(Recorded data)
# # #

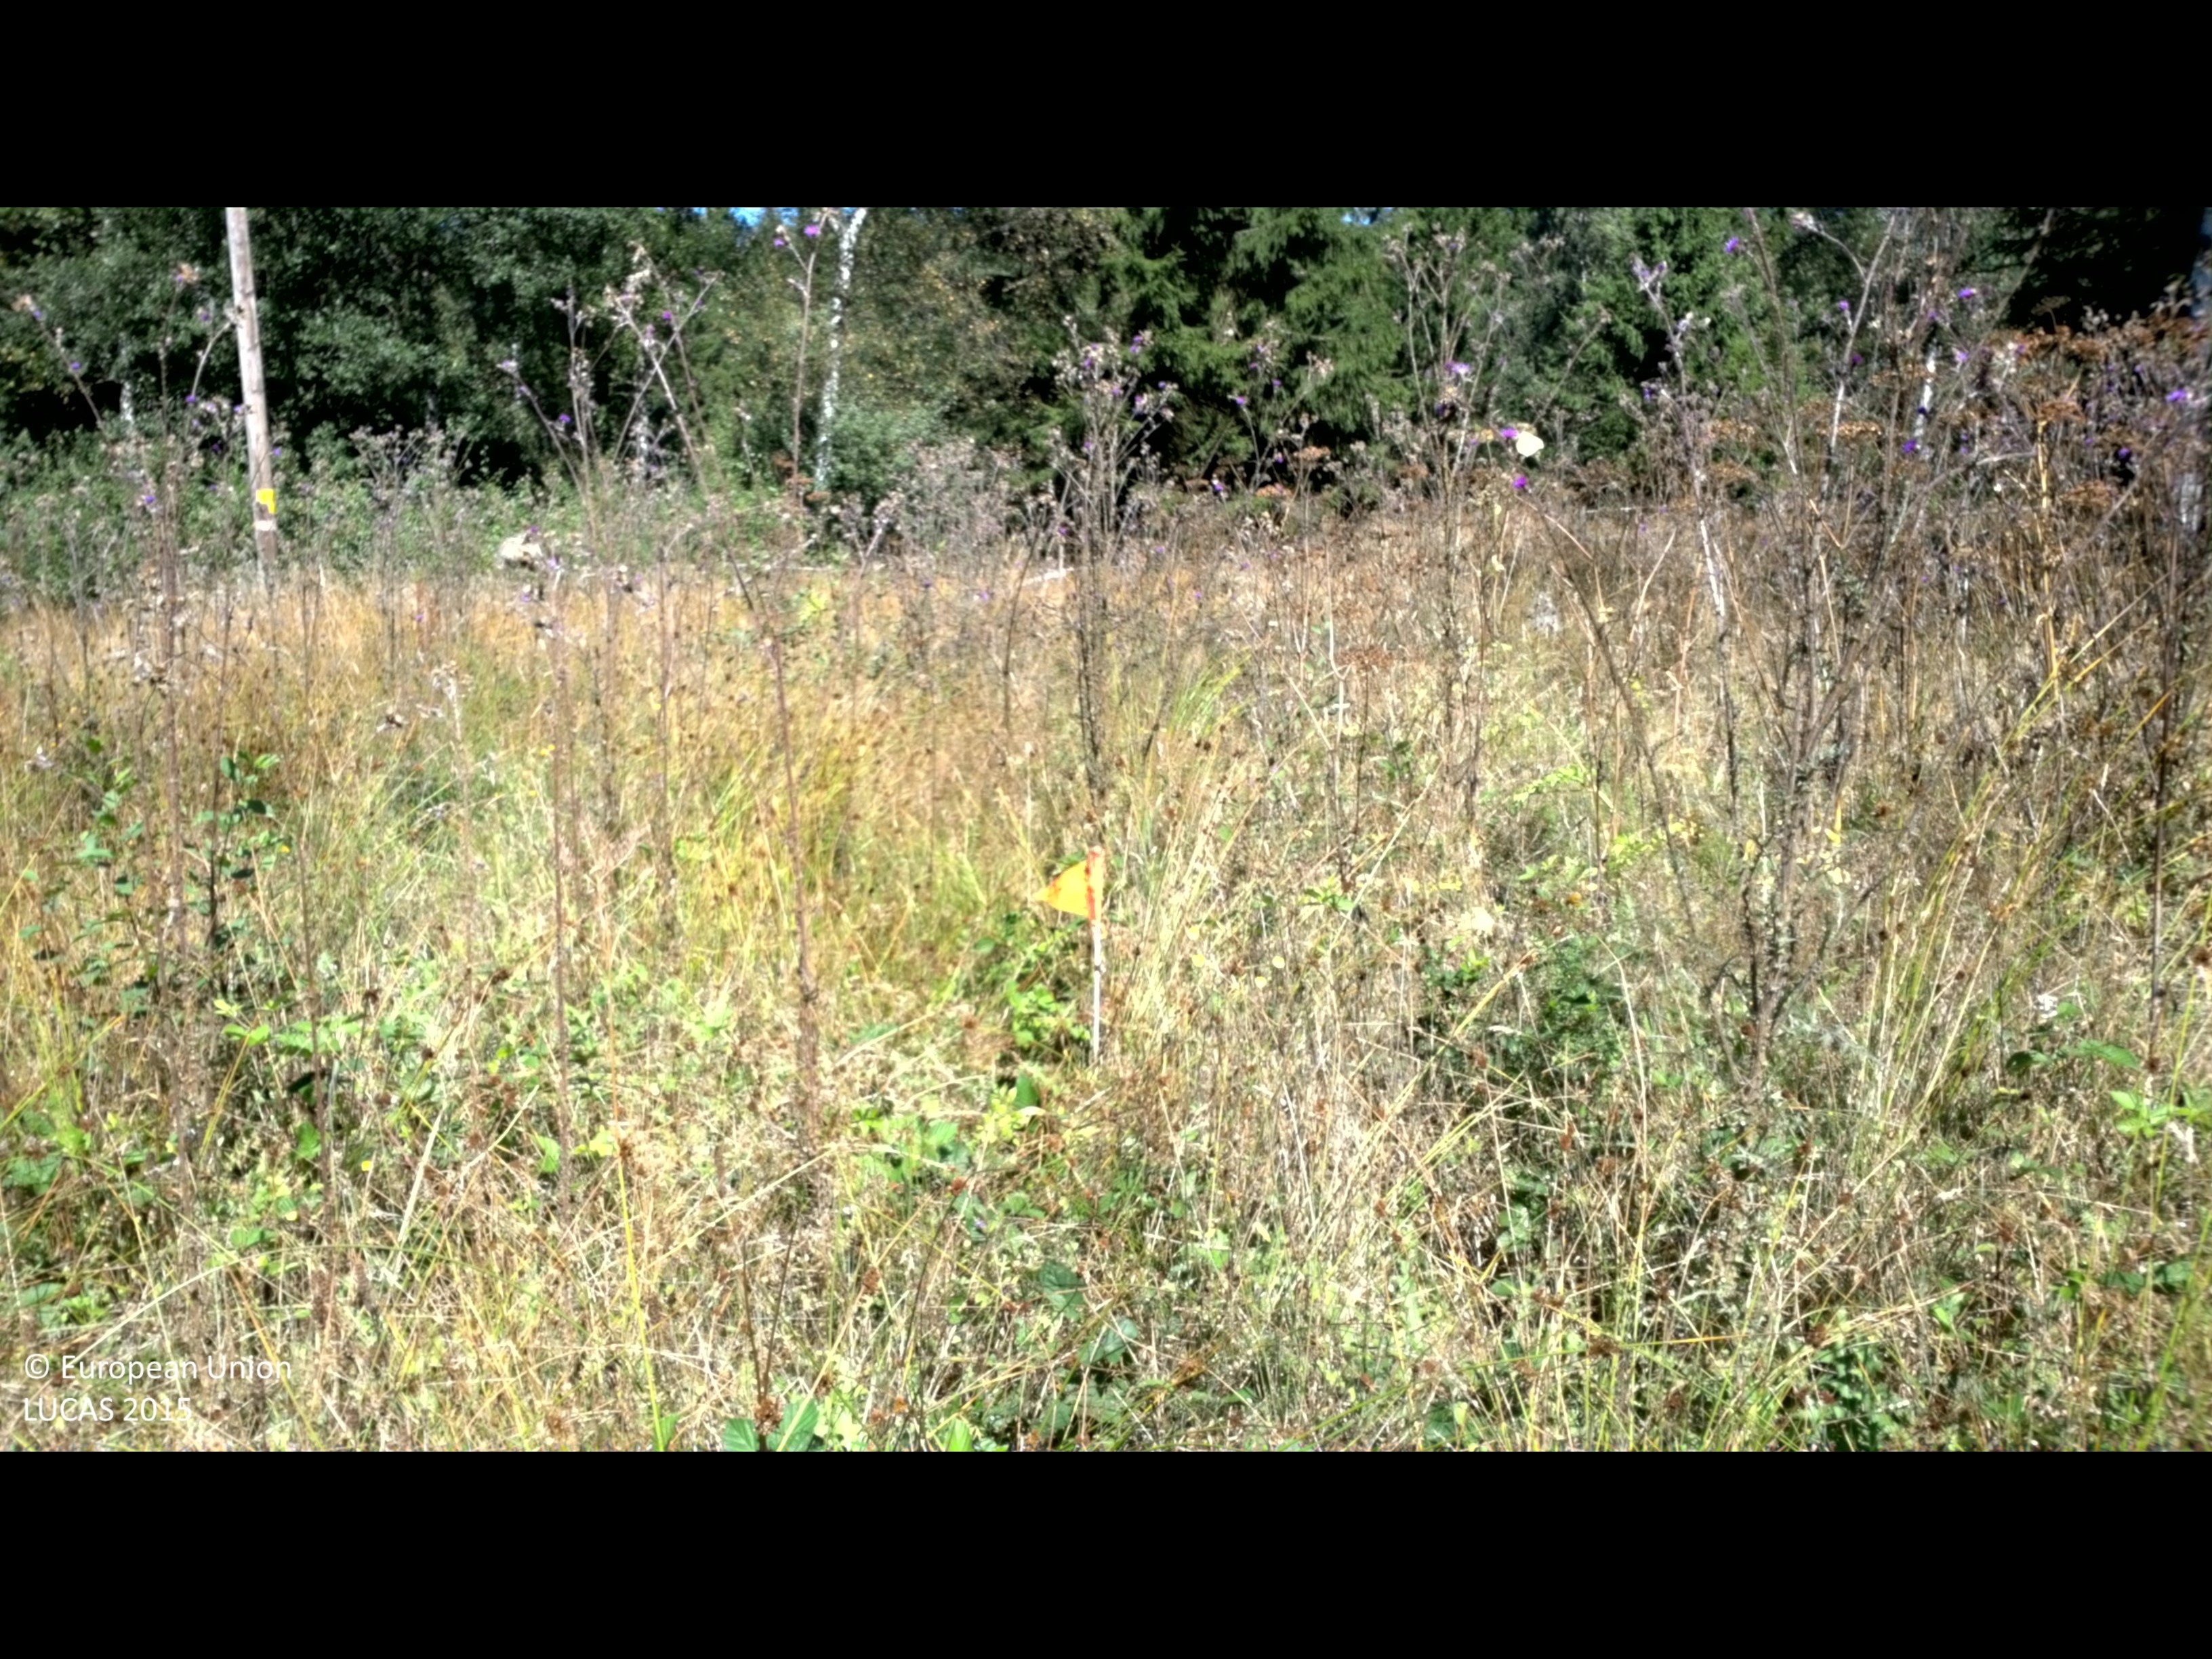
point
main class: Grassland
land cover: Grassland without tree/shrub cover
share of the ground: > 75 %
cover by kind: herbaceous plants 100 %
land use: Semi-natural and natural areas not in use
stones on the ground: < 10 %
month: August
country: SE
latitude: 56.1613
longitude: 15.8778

# # #

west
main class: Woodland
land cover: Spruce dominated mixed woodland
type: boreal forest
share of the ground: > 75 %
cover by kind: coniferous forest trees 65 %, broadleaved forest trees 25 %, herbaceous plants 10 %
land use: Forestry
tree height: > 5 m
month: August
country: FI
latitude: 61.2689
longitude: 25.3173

# # #

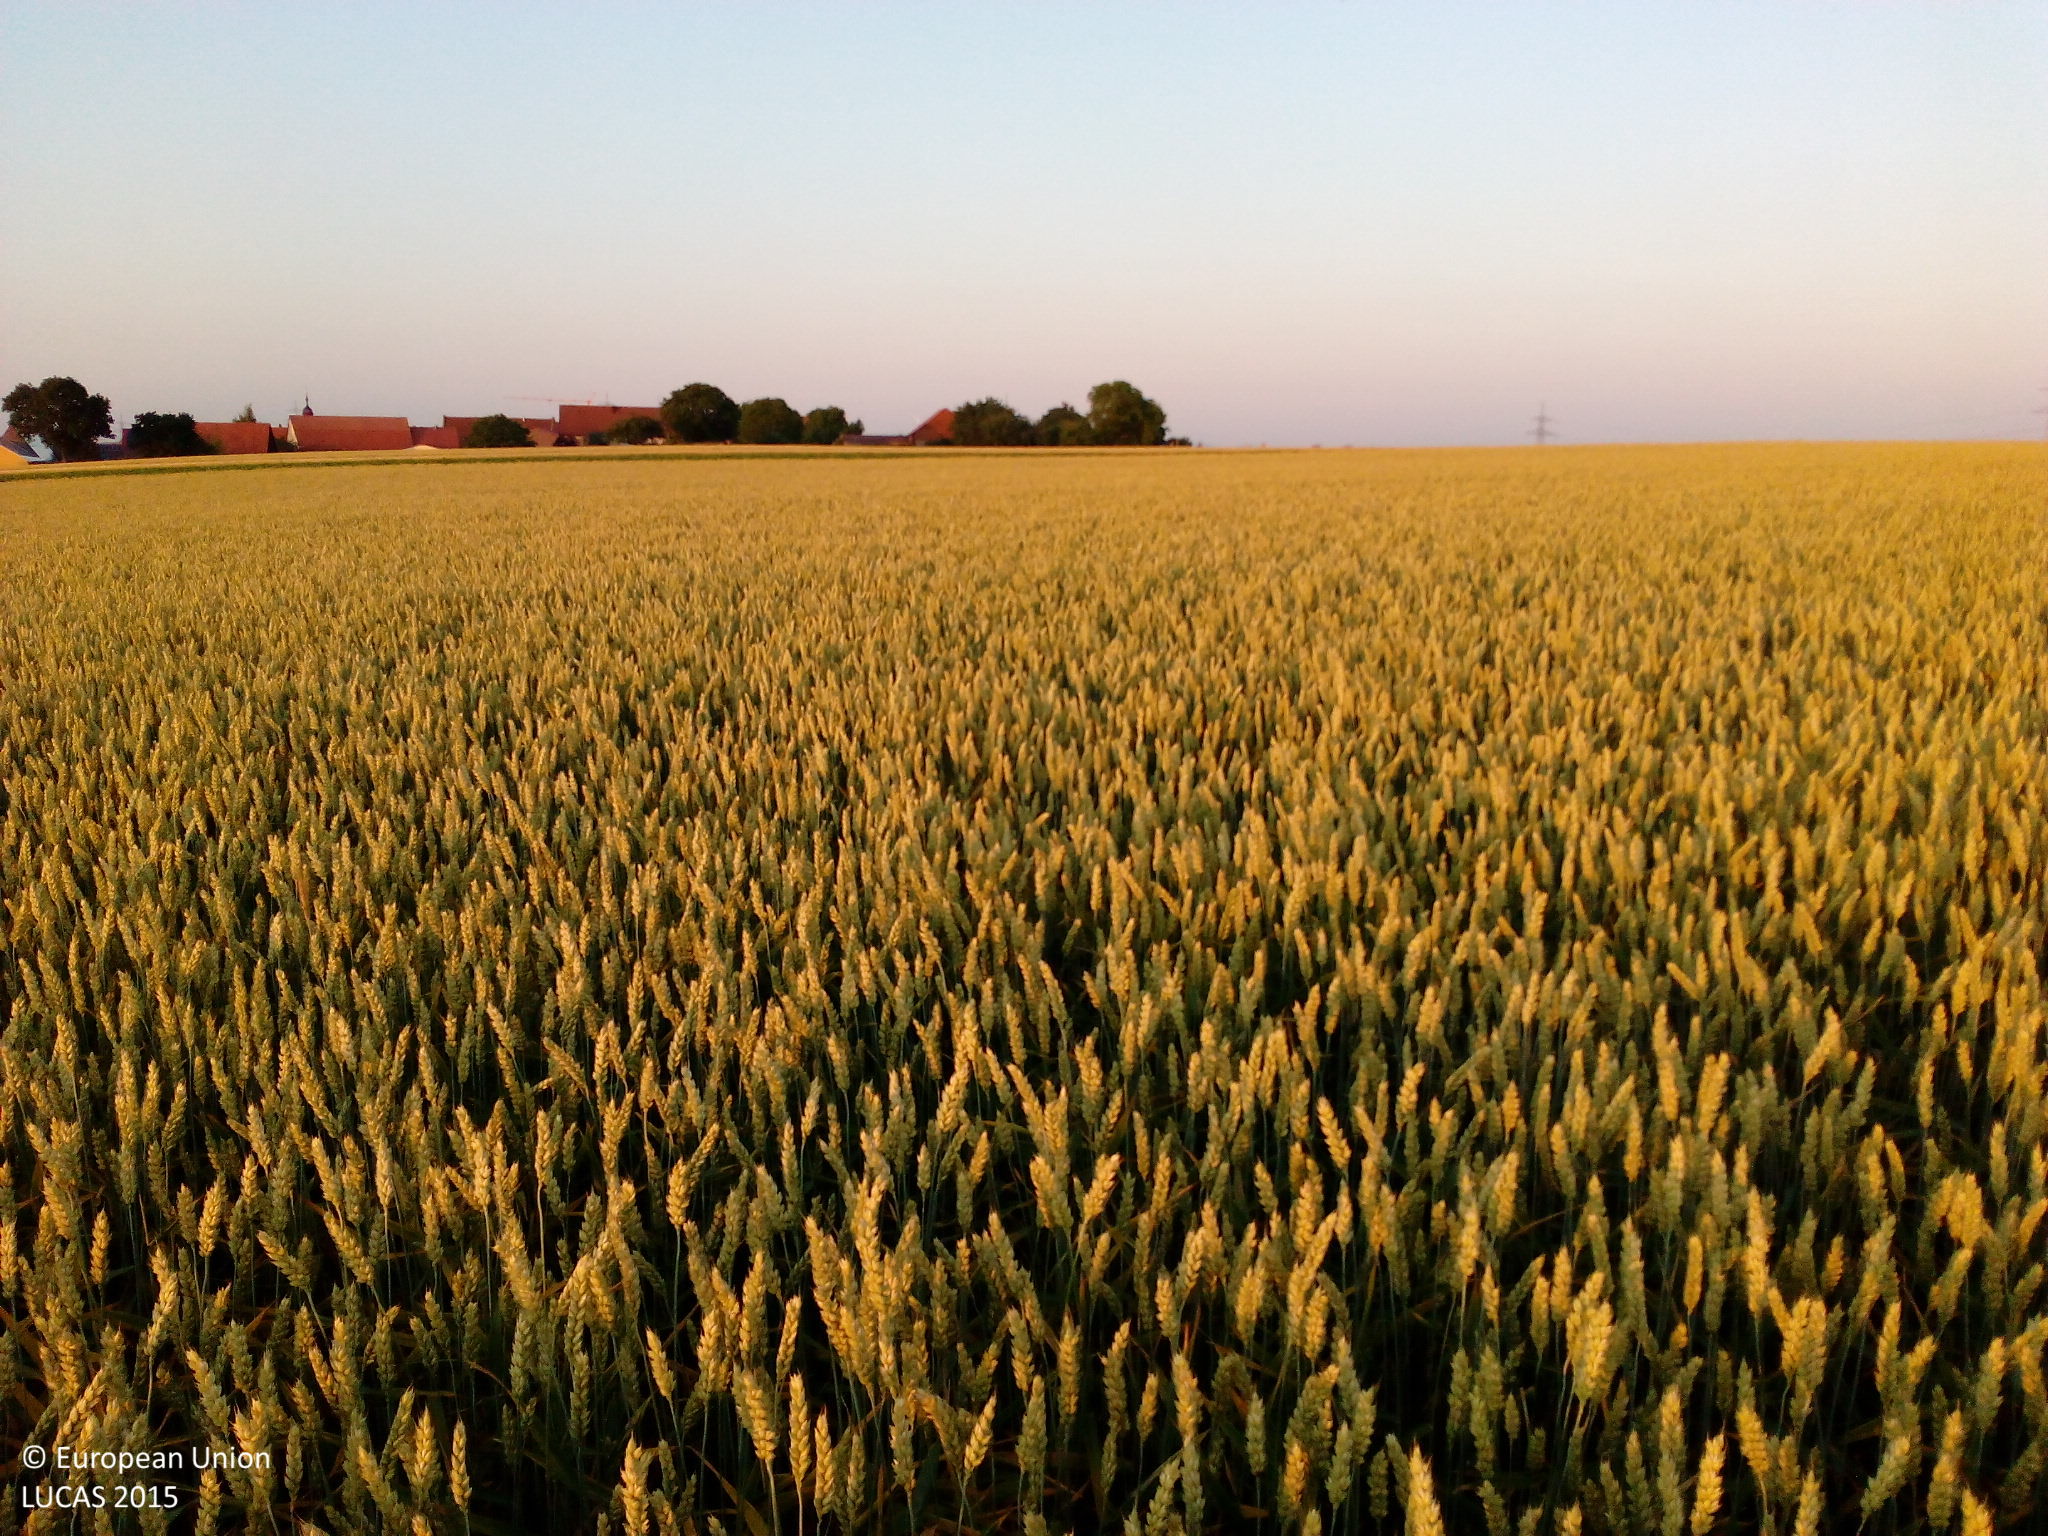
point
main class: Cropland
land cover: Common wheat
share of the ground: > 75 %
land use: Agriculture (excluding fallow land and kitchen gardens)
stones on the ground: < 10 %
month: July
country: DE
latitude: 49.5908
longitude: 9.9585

# # #

*Task instructions*. Look above for the line with "type: boreal forest" and the line with "longitude: 25.3173". Write out those two lines and all the lines between them, exactly, and no others.

*Your solution*.
type: boreal forest
share of the ground: > 75 %
cover by kind: coniferous forest trees 65 %, broadleaved forest trees 25 %, herbaceous plants 10 %
land use: Forestry
tree height: > 5 m
month: August
country: FI
latitude: 61.2689
longitude: 25.3173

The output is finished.